(Records from a collection)
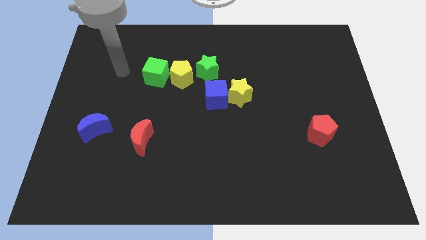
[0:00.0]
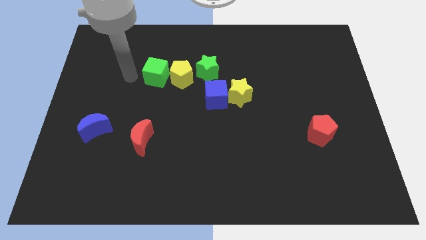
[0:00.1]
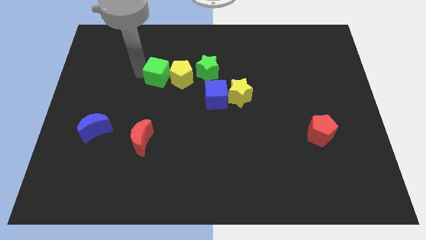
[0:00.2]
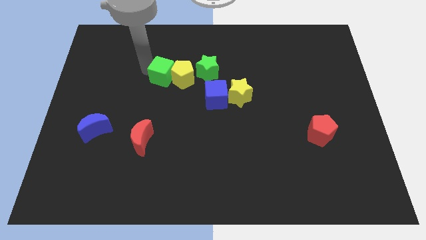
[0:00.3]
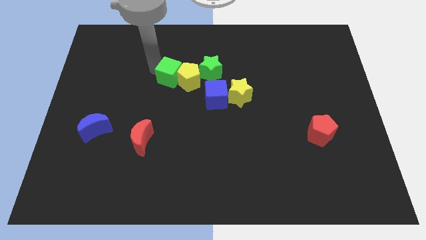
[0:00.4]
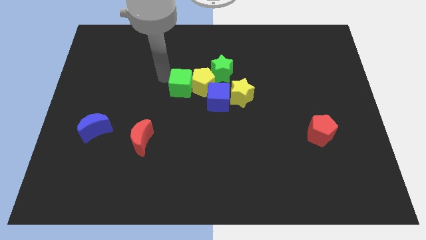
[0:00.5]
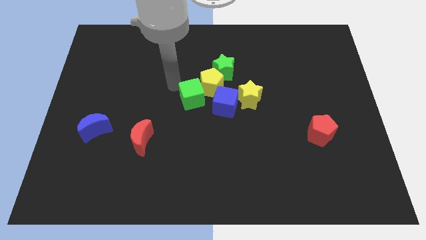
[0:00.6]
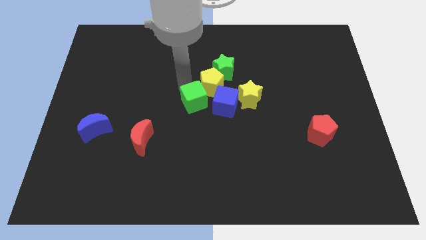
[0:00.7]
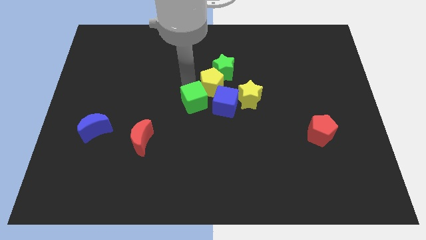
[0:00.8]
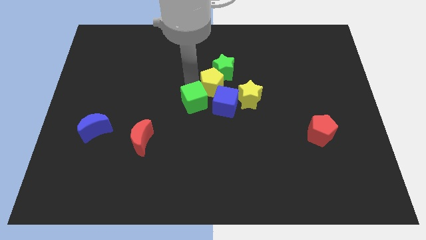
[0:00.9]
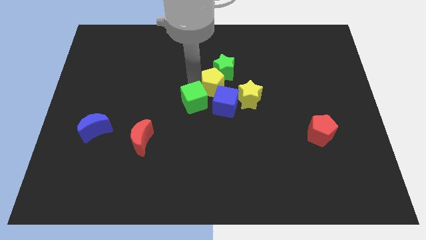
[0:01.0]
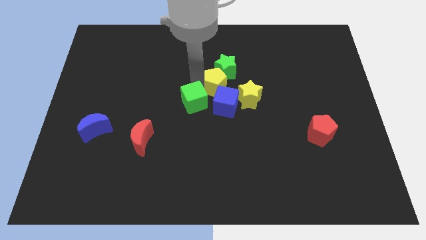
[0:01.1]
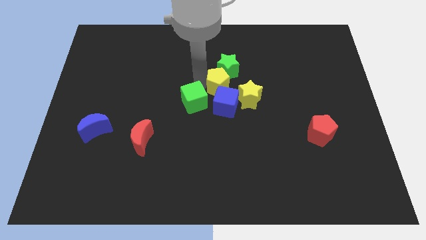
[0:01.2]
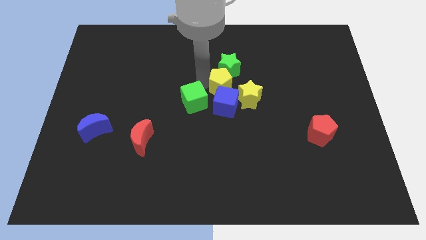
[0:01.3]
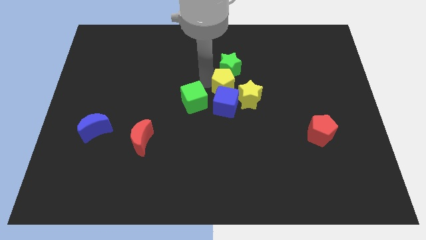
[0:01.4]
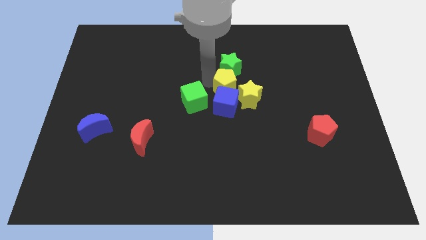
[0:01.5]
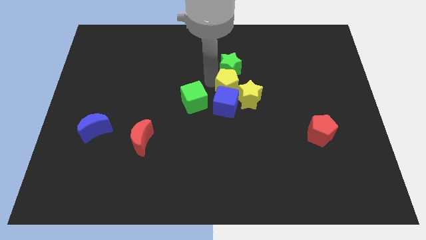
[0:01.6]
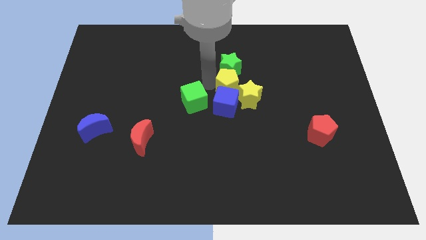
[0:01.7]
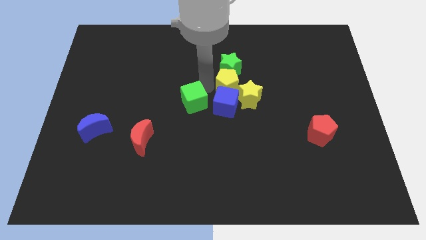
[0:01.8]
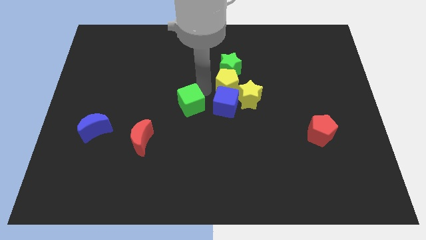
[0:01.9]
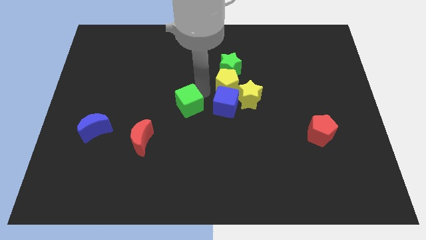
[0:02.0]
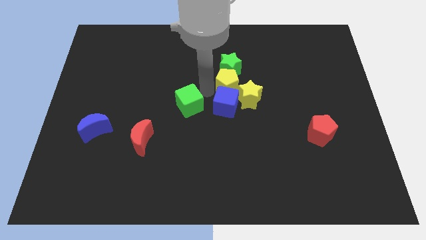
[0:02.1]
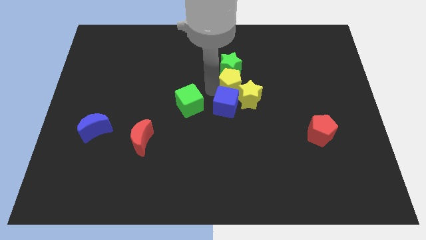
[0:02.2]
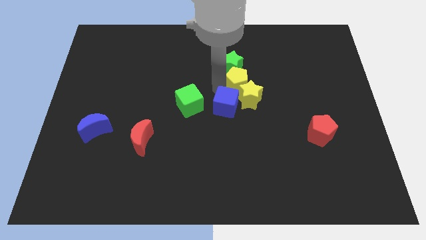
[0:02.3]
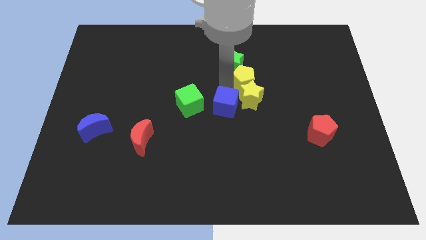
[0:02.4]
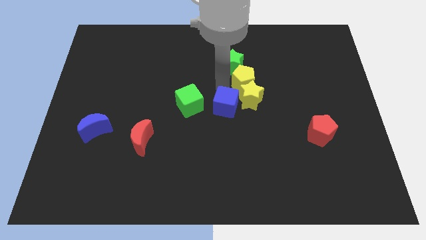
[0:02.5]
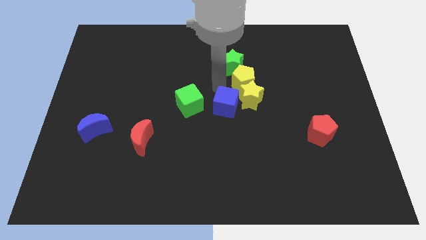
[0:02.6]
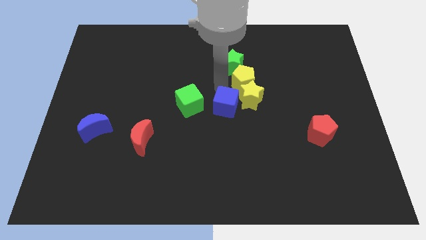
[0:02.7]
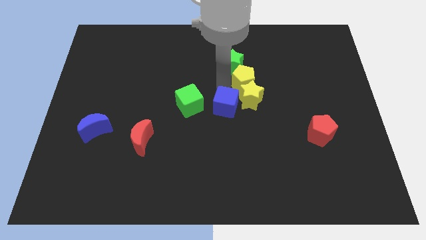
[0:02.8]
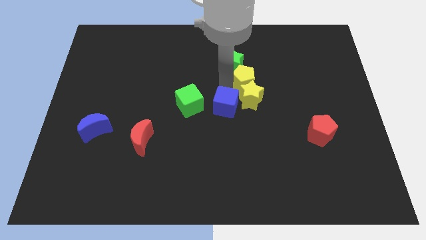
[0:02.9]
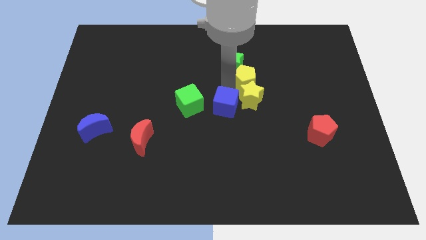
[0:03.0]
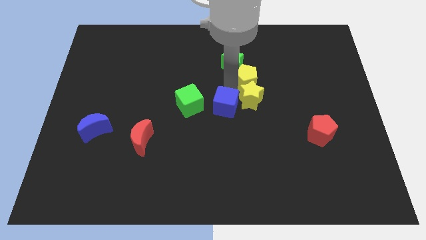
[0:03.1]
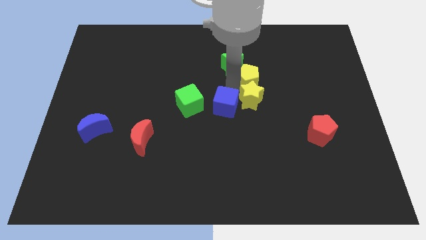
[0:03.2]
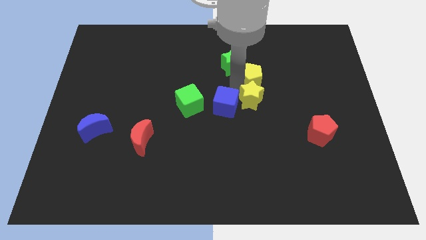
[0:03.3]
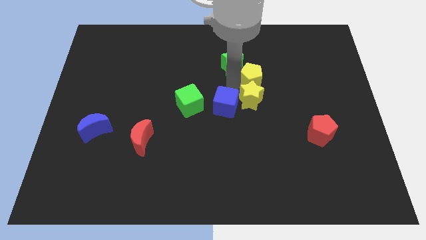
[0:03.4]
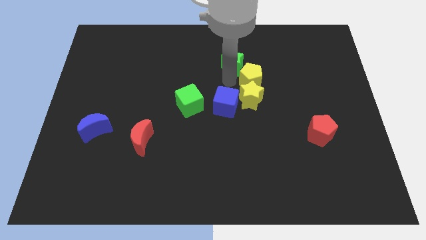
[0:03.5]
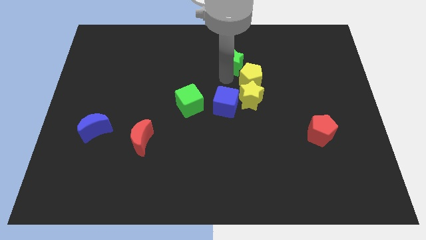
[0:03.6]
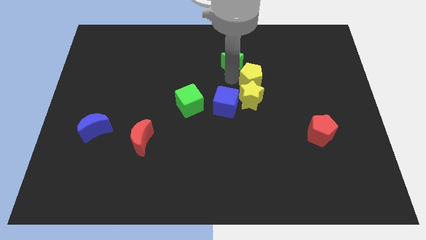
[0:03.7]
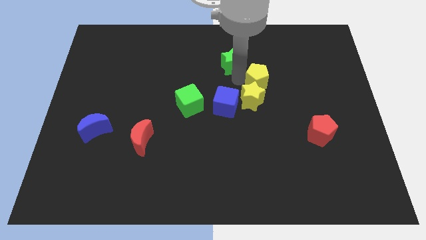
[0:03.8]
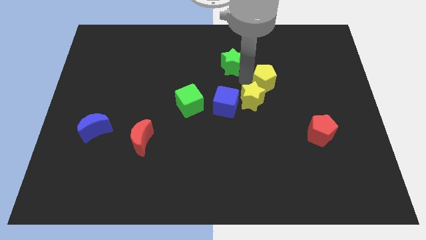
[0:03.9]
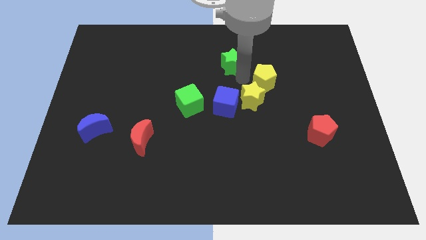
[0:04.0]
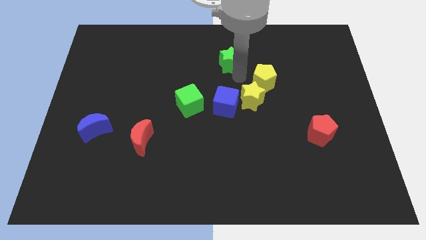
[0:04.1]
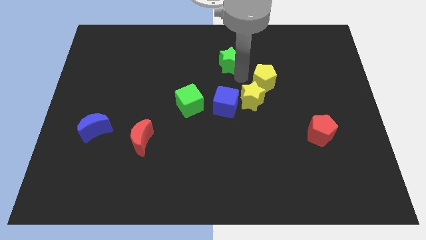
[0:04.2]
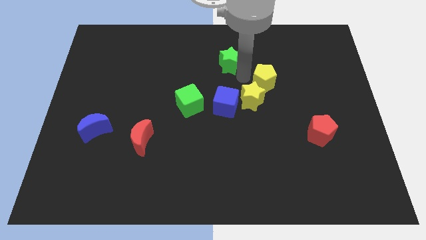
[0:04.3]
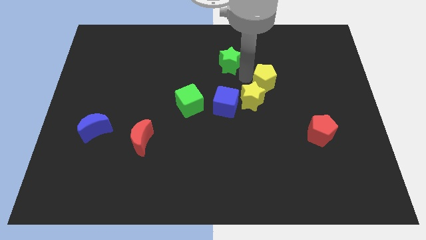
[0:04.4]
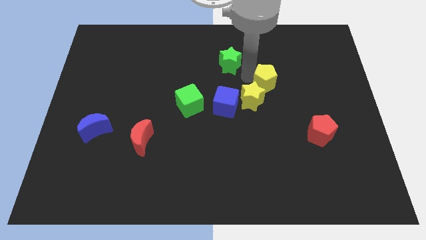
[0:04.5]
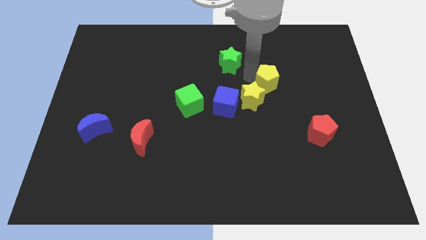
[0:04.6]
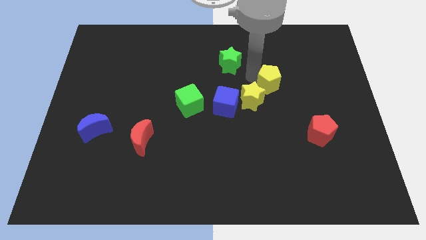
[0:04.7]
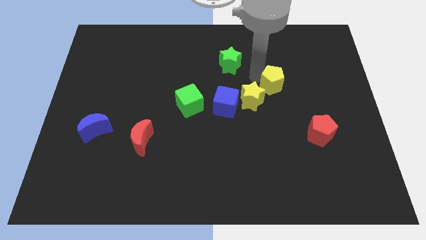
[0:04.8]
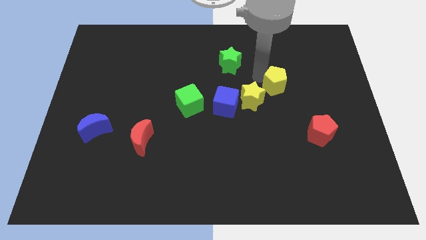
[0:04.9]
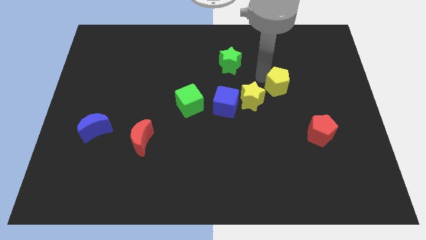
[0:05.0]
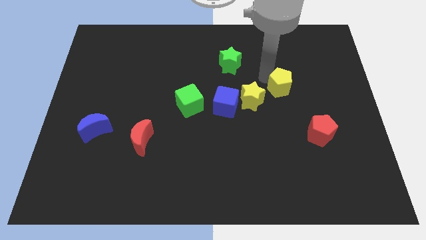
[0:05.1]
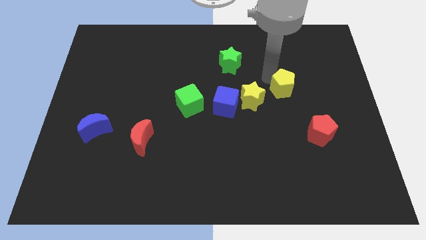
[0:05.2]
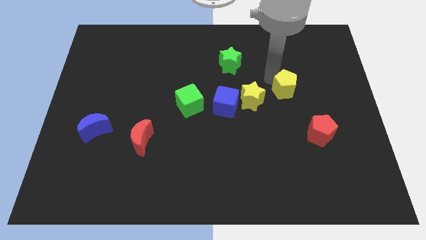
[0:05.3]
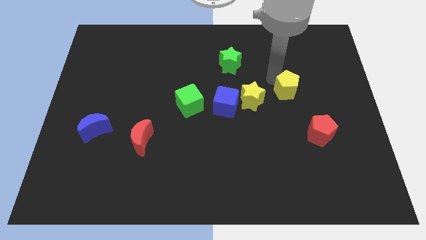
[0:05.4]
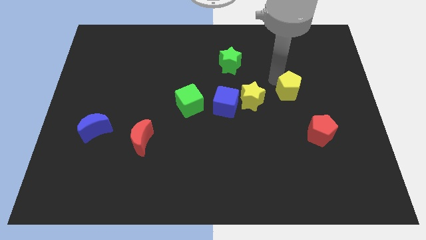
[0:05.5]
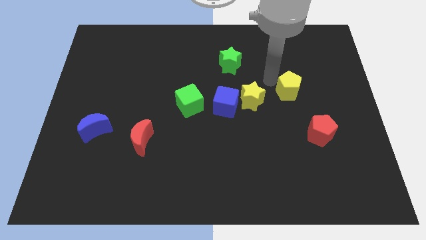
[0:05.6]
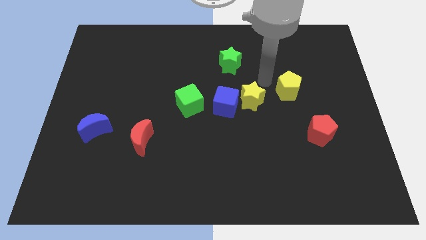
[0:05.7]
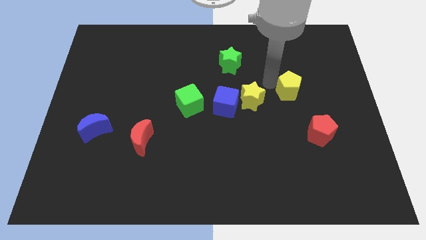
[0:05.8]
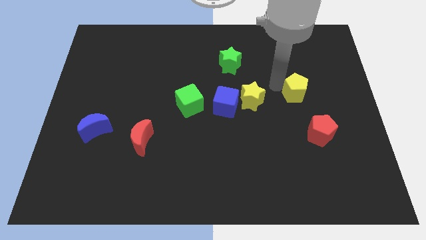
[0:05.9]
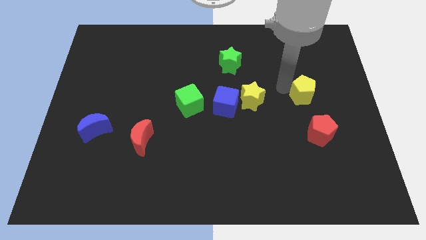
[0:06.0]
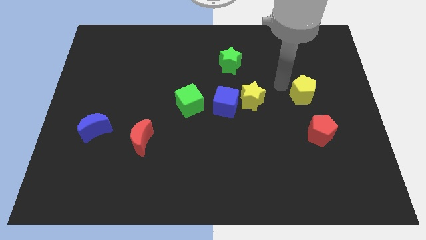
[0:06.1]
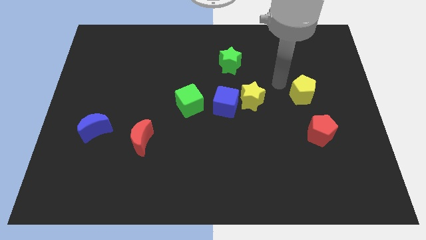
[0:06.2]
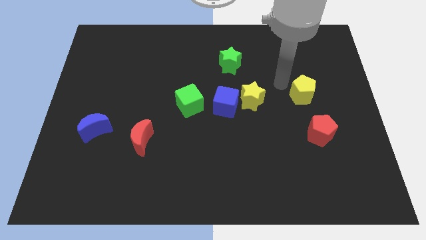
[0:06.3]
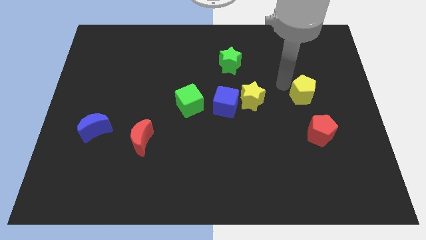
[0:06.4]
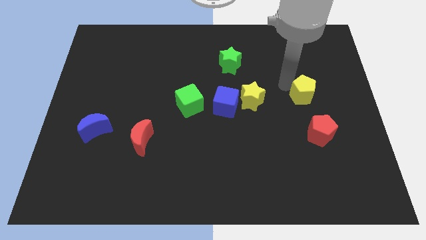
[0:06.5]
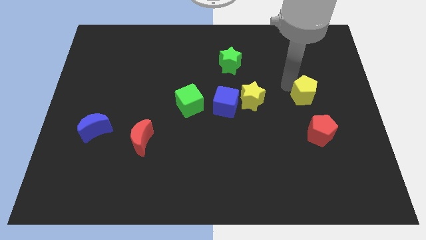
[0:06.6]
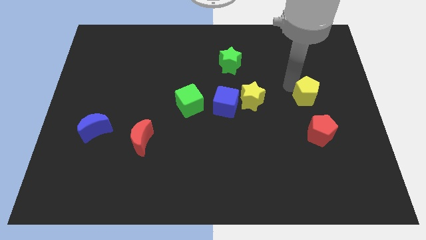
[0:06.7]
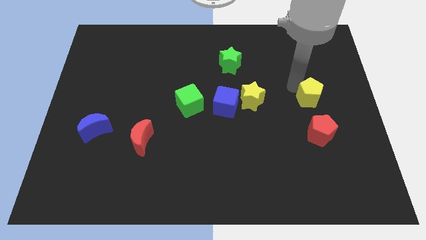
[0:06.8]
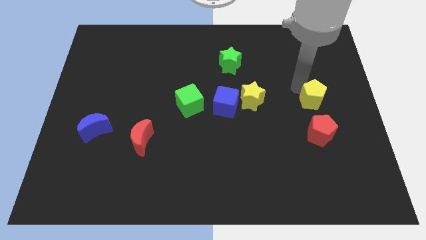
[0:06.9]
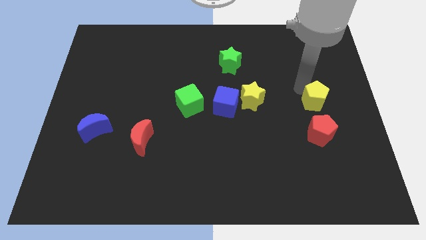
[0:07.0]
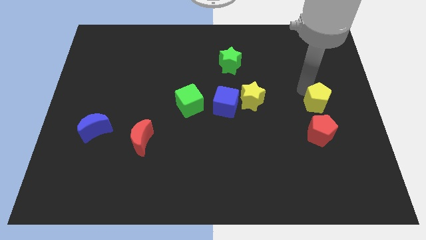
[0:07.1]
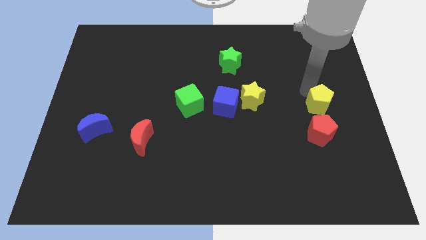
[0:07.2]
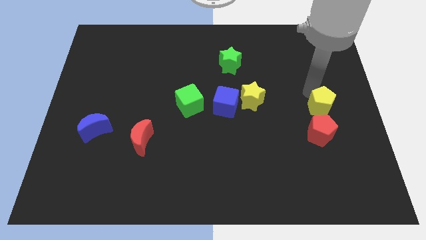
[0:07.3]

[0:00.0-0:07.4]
move the yellow pentagon to the top right side of the red pentagon

» **Task**: Return each of the lines exactly as they appear above, with no images.

» **Answer box**:
[0:00.0]
[0:00.1]
[0:00.2]
[0:00.3]
[0:00.4]
[0:00.5]
[0:00.6]
[0:00.7]
[0:00.8]
[0:00.9]
[0:01.0]
[0:01.1]
[0:01.2]
[0:01.3]
[0:01.4]
[0:01.5]
[0:01.6]
[0:01.7]
[0:01.8]
[0:01.9]
[0:02.0]
[0:02.1]
[0:02.2]
[0:02.3]
[0:02.4]
[0:02.5]
[0:02.6]
[0:02.7]
[0:02.8]
[0:02.9]
[0:03.0]
[0:03.1]
[0:03.2]
[0:03.3]
[0:03.4]
[0:03.5]
[0:03.6]
[0:03.7]
[0:03.8]
[0:03.9]
[0:04.0]
[0:04.1]
[0:04.2]
[0:04.3]
[0:04.4]
[0:04.5]
[0:04.6]
[0:04.7]
[0:04.8]
[0:04.9]
[0:05.0]
[0:05.1]
[0:05.2]
[0:05.3]
[0:05.4]
[0:05.5]
[0:05.6]
[0:05.7]
[0:05.8]
[0:05.9]
[0:06.0]
[0:06.1]
[0:06.2]
[0:06.3]
[0:06.4]
[0:06.5]
[0:06.6]
[0:06.7]
[0:06.8]
[0:06.9]
[0:07.0]
[0:07.1]
[0:07.2]
[0:07.3]

[0:00.0-0:07.4]
move the yellow pentagon to the top right side of the red pentagon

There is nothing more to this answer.